→ **WORK ITEM**:
Keep to one stretch of the data below, the lines from the one with "#53540=EDGE_CURVE('',#53032,#53033,#51698,.T.);" up to and including the one with "#53551=EDGE_CURVE('',#53289,#53288,#51693,.T.);", and return that stretch exactly.

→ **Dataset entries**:
-------
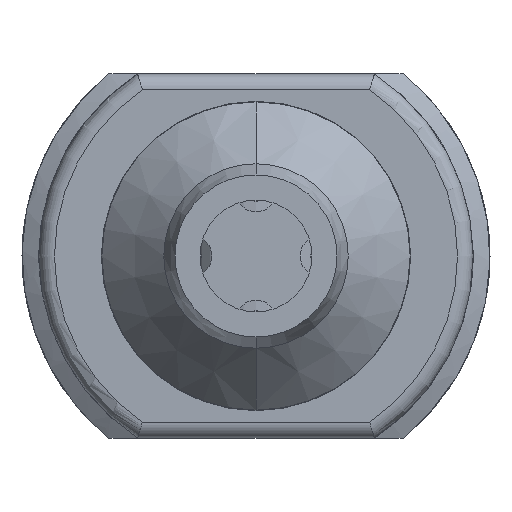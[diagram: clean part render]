
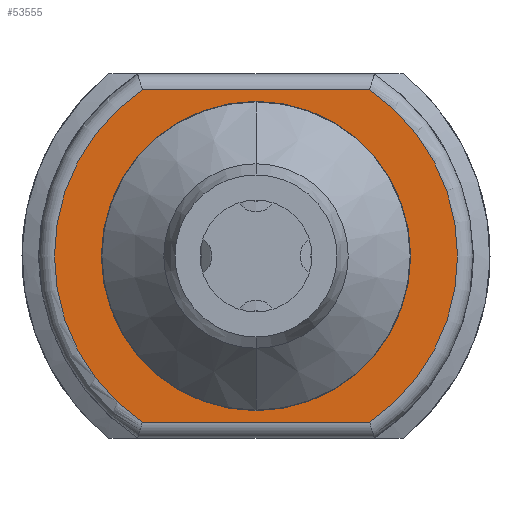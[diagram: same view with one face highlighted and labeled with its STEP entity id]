
A CAD part, front view. The second image highlights one B-rep face of the part: STEP entity #53555.
In plain terms, the highlighted face is planar.
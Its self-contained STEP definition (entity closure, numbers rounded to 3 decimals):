
#51676=DIRECTION('',(-1.,0.,0.));
#51677=VECTOR('',#51676,8.741);
#51678=CARTESIAN_POINT('',(4.371,0.,6.4));
#51679=LINE('',#51678,#51677);
#51684=CARTESIAN_POINT('',(0.,0.,0.));
#51685=DIRECTION('',(0.,1.,0.));
#51686=DIRECTION('',(0.,0.,1.));
#51687=AXIS2_PLACEMENT_3D('',#51684,#51685,#51686);
#51689=CARTESIAN_POINT('',(0.,0.,0.));
#51690=DIRECTION('',(0.,1.,0.));
#51691=DIRECTION('',(0.,0.,-1.));
#51692=AXIS2_PLACEMENT_3D('',#51689,#51690,#51691);
#51694=CARTESIAN_POINT('',(0.,0.,0.));
#51695=DIRECTION('',(0.,1.,0.));
#51696=DIRECTION('',(0.564,0.,0.826));
#51697=AXIS2_PLACEMENT_3D('',#51694,#51695,#51696);
#51713=DIRECTION('',(1.,0.,0.));
#51714=VECTOR('',#51713,8.741);
#51715=CARTESIAN_POINT('',(-4.37,0.,-6.4));
#51716=LINE('',#51715,#51714);
#51744=CARTESIAN_POINT('',(0.,0.,0.));
#51745=DIRECTION('',(0.,1.,0.));
#51746=DIRECTION('',(-0.564,0.,-0.826));
#51747=AXIS2_PLACEMENT_3D('',#51744,#51745,#51746);
#53030=CARTESIAN_POINT('',(4.37,0.,6.4));
#53031=CARTESIAN_POINT('',(4.37,0.,-6.4));
#53032=VERTEX_POINT('',#53030);
#53033=VERTEX_POINT('',#53031);
#53038=CARTESIAN_POINT('',(-4.371,0.,6.4));
#53039=VERTEX_POINT('',#53038);
#53044=CARTESIAN_POINT('',(-4.37,0.,-6.4));
#53045=VERTEX_POINT('',#53044);
#53286=CARTESIAN_POINT('',(0.,0.,5.95));
#53287=CARTESIAN_POINT('',(0.,0.,-5.95));
#53288=VERTEX_POINT('',#53286);
#53289=VERTEX_POINT('',#53287);
#53535=CARTESIAN_POINT('',(16.,0.,-11.448));
#53536=DIRECTION('',(0.,-1.,0.));
#53537=DIRECTION('',(-1.,0.,0.));
#53538=AXIS2_PLACEMENT_3D('',#53535,#53536,#53537);
#53539=PLANE('',#53538);
#53541=ORIENTED_EDGE('',*,*,#53540,.F.);
#53542=ORIENTED_EDGE('',*,*,#53525,.T.);
#53544=ORIENTED_EDGE('',*,*,#53543,.F.);
#53546=ORIENTED_EDGE('',*,*,#53545,.T.);
#53547=EDGE_LOOP('',(#53541,#53542,#53544,#53546));
#53548=FACE_OUTER_BOUND('',#53547,.F.);
#53550=ORIENTED_EDGE('',*,*,#53549,.T.);
#53552=ORIENTED_EDGE('',*,*,#53551,.T.);
#53553=EDGE_LOOP('',(#53550,#53552));
#53554=FACE_BOUND('',#53553,.F.);
#51688=CIRCLE('',#51687,5.95);
#51693=CIRCLE('',#51692,5.95);
#51698=CIRCLE('',#51697,7.75);
#51748=CIRCLE('',#51747,7.75);
#53525=EDGE_CURVE('',#53032,#53039,#51679,.T.);
#53540=EDGE_CURVE('',#53032,#53033,#51698,.T.);
#53543=EDGE_CURVE('',#53045,#53039,#51748,.T.);
#53545=EDGE_CURVE('',#53045,#53033,#51716,.T.);
#53549=EDGE_CURVE('',#53288,#53289,#51688,.T.);
#53551=EDGE_CURVE('',#53289,#53288,#51693,.T.);
#53555=ADVANCED_FACE('',(#53548,#53554),#53539,.F.);
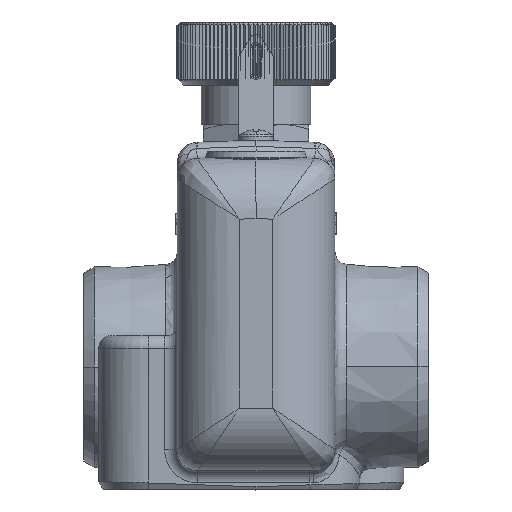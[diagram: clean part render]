
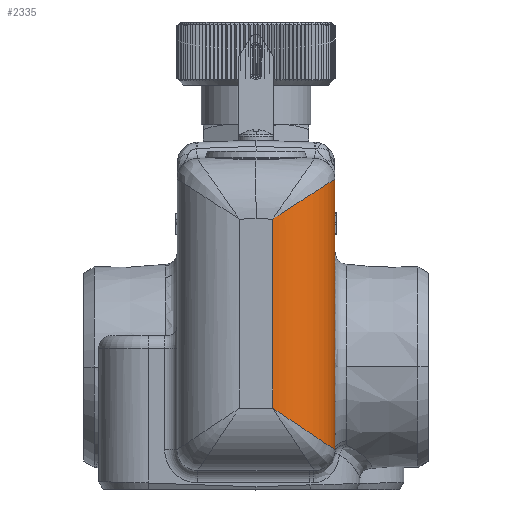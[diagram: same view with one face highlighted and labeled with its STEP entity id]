
A CAD part, top view. The second image highlights one B-rep face of the part: STEP entity #2335.
In plain terms, the highlighted cylindrical face has radius 15 mm (diameter 30 mm), a partial arc.
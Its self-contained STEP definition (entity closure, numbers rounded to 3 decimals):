
#1914 = CYLINDRICAL_SURFACE ( 'NONE', #10544, 15. ) ;
#2335 = ADVANCED_FACE ( 'NONE', ( #37337 ), #1914, .T. ) ;
#3876 = CARTESIAN_POINT ( 'NONE',  ( 4., -20., 118.3 ) ) ;
#5120 =( BOUNDED_CURVE ( )  B_SPLINE_CURVE ( 3, ( #34894, #50649, #36380, #17198 ),
 .UNSPECIFIED., .F., .F. ) 
 B_SPLINE_CURVE_WITH_KNOTS ( ( 4, 4 ),
 ( 0., 1.571 ),
 .UNSPECIFIED. ) 
 CURVE ( )  GEOMETRIC_REPRESENTATION_ITEM ( )  RATIONAL_B_SPLINE_CURVE ( ( 1., 0.805, 0.805, 1. ) ) 
 REPRESENTATION_ITEM ( '' )  );
#5256 = EDGE_CURVE ( 'NONE', #37606, #6574, #18280, .T. ) ;
#6050 = CARTESIAN_POINT ( 'NONE',  ( 19., 45.172, 103.3 ) ) ;
#6574 = VERTEX_POINT ( 'NONE', #21352 ) ;
#9405 = CARTESIAN_POINT ( 'NONE',  ( 4., 35.515, 118.3 ) ) ;
#9843 = EDGE_CURVE ( 'NONE', #6574, #40546, #41342, .T. ) ;
#9852 = CARTESIAN_POINT ( 'NONE',  ( 19., -20., 103.3 ) ) ;
#10356 = VECTOR ( 'NONE', #14394, 1000. ) ;
#10358 = CARTESIAN_POINT ( 'NONE',  ( 4., -10., 118.3 ) ) ;
#10544 = AXIS2_PLACEMENT_3D ( 'NONE', #30081, #17656, #33450 ) ;
#14394 = DIRECTION ( 'NONE',  ( 0., -1., 0. ) ) ;
#14406 = VECTOR ( 'NONE', #35414, 1000. ) ;
#17198 = CARTESIAN_POINT ( 'NONE',  ( 4., 35.515, 118.3 ) ) ;
#17656 = DIRECTION ( 'NONE',  ( 0., 1., 0. ) ) ;
#17852 = CARTESIAN_POINT ( 'NONE',  ( 19., -20., 112.087 ) ) ;
#18280 = LINE ( 'NONE', #26537, #10356 ) ;
#21352 = CARTESIAN_POINT ( 'NONE',  ( 19., -20., 103.3 ) ) ;
#21461 = ORIENTED_EDGE ( 'NONE', *, *, #5256, .F. ) ;
#26243 = EDGE_LOOP ( 'NONE', ( #21461, #35532, #29402, #31891 ) ) ;
#26537 = CARTESIAN_POINT ( 'NONE',  ( 19., -20., 103.3 ) ) ;
#26763 = EDGE_CURVE ( 'NONE', #37606, #40192, #5120, .T. ) ;
#29402 = ORIENTED_EDGE ( 'NONE', *, *, #47721, .F. ) ;
#30081 = CARTESIAN_POINT ( 'NONE',  ( 4., -20., 103.3 ) ) ;
#31891 = ORIENTED_EDGE ( 'NONE', *, *, #9843, .F. ) ;
#33450 = DIRECTION ( 'NONE',  ( -1., 0., 0. ) ) ;
#34894 = CARTESIAN_POINT ( 'NONE',  ( 19., 45.172, 103.3 ) ) ;
#35414 = DIRECTION ( 'NONE',  ( 0., 1., 0. ) ) ;
#35532 = ORIENTED_EDGE ( 'NONE', *, *, #26763, .T. ) ;
#36380 = CARTESIAN_POINT ( 'NONE',  ( 12.787, 41.172, 118.3 ) ) ;
#36434 = LINE ( 'NONE', #3876, #14406 ) ;
#37337 = FACE_OUTER_BOUND ( 'NONE', #26243, .T. ) ;
#37606 = VERTEX_POINT ( 'NONE', #6050 ) ;
#40192 = VERTEX_POINT ( 'NONE', #9405 ) ;
#40546 = VERTEX_POINT ( 'NONE', #42111 ) ;
#41342 =( BOUNDED_CURVE ( )  B_SPLINE_CURVE ( 3, ( #9852, #17852, #45784, #10358 ),
 .UNSPECIFIED., .F., .F. ) 
 B_SPLINE_CURVE_WITH_KNOTS ( ( 4, 4 ),
 ( 3.142, 4.712 ),
 .UNSPECIFIED. ) 
 CURVE ( )  GEOMETRIC_REPRESENTATION_ITEM ( )  RATIONAL_B_SPLINE_CURVE ( ( 1., 0.805, 0.805, 1. ) ) 
 REPRESENTATION_ITEM ( '' )  );
#42111 = CARTESIAN_POINT ( 'NONE',  ( 4., -10., 118.3 ) ) ;
#45784 = CARTESIAN_POINT ( 'NONE',  ( 12.787, -15.858, 118.3 ) ) ;
#47721 = EDGE_CURVE ( 'NONE', #40546, #40192, #36434, .T. ) ;
#50649 = CARTESIAN_POINT ( 'NONE',  ( 19., 45.172, 112.087 ) ) ;
-------
→ **RESPONSE TO THE TASK**:
#53540=EDGE_CURVE('',#53032,#53033,#51698,.T.);
#53543=EDGE_CURVE('',#53045,#53039,#51748,.T.);
#53545=EDGE_CURVE('',#53045,#53033,#51716,.T.);
#53549=EDGE_CURVE('',#53288,#53289,#51688,.T.);
#53551=EDGE_CURVE('',#53289,#53288,#51693,.T.);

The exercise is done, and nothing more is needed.